__Task statement__
Only those lines in the data below from the line containing "familieomgeving, in hun" through the line containing "parceria com o", both included, should be restated word for word.

__Records to process__
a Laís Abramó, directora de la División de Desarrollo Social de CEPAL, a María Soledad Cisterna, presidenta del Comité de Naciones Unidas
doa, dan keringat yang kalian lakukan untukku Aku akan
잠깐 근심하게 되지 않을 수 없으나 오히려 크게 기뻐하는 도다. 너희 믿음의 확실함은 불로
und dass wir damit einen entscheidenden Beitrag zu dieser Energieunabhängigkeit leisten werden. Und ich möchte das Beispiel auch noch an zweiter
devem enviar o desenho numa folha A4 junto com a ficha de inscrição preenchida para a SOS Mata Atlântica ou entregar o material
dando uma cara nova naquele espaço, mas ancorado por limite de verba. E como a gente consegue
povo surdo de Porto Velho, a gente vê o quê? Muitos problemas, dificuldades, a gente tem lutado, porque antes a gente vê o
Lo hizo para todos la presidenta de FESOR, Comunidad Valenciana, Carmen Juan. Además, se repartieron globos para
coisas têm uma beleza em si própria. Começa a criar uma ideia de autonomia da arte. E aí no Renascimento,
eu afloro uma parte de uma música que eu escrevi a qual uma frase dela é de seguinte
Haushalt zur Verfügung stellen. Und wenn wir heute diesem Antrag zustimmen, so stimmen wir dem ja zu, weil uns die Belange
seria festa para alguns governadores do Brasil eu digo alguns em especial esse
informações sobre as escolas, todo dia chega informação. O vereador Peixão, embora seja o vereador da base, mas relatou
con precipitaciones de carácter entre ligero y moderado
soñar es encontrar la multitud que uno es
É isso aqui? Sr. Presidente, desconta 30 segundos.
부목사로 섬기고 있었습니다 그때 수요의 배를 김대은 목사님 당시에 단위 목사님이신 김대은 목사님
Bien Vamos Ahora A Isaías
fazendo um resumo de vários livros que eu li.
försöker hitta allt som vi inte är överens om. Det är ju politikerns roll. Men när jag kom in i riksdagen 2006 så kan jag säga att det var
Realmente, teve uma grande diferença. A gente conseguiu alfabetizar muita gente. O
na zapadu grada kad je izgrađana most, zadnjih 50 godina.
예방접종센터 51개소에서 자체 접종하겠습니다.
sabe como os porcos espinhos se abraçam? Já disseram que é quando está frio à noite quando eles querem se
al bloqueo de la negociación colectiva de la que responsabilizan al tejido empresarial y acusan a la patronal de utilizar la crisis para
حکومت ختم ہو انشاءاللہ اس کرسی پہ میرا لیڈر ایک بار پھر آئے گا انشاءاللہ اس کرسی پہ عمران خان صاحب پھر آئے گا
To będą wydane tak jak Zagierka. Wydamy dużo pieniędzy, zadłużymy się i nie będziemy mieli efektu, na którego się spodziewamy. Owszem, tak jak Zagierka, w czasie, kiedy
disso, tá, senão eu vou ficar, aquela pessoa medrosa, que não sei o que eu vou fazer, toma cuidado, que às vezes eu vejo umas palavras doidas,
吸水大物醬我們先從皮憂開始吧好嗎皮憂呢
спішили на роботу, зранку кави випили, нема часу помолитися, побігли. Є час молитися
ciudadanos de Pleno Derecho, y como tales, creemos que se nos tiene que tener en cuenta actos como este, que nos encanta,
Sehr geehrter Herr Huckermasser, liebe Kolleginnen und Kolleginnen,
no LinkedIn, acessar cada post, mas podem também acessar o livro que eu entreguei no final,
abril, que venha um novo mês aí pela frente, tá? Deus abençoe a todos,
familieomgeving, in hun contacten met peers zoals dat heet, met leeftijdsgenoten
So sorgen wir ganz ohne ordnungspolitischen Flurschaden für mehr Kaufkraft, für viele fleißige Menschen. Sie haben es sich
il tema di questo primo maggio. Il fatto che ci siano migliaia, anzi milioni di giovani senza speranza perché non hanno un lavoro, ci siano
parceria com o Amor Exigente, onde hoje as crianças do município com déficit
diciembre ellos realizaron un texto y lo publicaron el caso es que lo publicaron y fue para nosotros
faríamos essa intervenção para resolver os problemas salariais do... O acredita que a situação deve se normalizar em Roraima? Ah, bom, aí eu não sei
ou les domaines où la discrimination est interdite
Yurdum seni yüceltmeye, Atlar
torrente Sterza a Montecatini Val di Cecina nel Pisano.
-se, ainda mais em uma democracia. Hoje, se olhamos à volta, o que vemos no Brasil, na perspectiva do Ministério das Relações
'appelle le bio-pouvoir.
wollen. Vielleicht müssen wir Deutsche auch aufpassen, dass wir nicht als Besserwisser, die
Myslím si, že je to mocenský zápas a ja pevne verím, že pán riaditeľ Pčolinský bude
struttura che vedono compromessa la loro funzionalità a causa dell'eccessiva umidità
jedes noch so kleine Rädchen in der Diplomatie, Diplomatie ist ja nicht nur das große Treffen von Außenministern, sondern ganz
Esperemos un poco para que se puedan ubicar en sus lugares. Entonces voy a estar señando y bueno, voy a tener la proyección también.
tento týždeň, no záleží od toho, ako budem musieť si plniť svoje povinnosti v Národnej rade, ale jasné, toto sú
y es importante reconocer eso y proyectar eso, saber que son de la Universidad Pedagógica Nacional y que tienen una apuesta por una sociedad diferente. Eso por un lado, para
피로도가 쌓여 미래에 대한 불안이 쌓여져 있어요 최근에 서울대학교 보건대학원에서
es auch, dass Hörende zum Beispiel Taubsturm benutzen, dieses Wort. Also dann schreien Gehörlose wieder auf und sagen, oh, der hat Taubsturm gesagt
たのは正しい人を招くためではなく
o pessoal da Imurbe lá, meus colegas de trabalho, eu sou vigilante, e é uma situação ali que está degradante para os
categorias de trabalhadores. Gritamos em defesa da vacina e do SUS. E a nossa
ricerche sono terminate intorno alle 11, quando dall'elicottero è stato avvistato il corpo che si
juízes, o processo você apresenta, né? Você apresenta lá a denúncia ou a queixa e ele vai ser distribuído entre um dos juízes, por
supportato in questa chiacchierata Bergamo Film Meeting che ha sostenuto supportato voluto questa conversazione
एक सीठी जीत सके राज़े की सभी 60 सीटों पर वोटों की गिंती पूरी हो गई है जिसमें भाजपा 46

__Answer box__
familieomgeving, in hun contacten met peers zoals dat heet, met leeftijdsgenoten
So sorgen wir ganz ohne ordnungspolitischen Flurschaden für mehr Kaufkraft, für viele fleißige Menschen. Sie haben es sich
il tema di questo primo maggio. Il fatto che ci siano migliaia, anzi milioni di giovani senza speranza perché non hanno un lavoro, ci siano
parceria com o Amor Exigente, onde hoje as crianças do município com déficit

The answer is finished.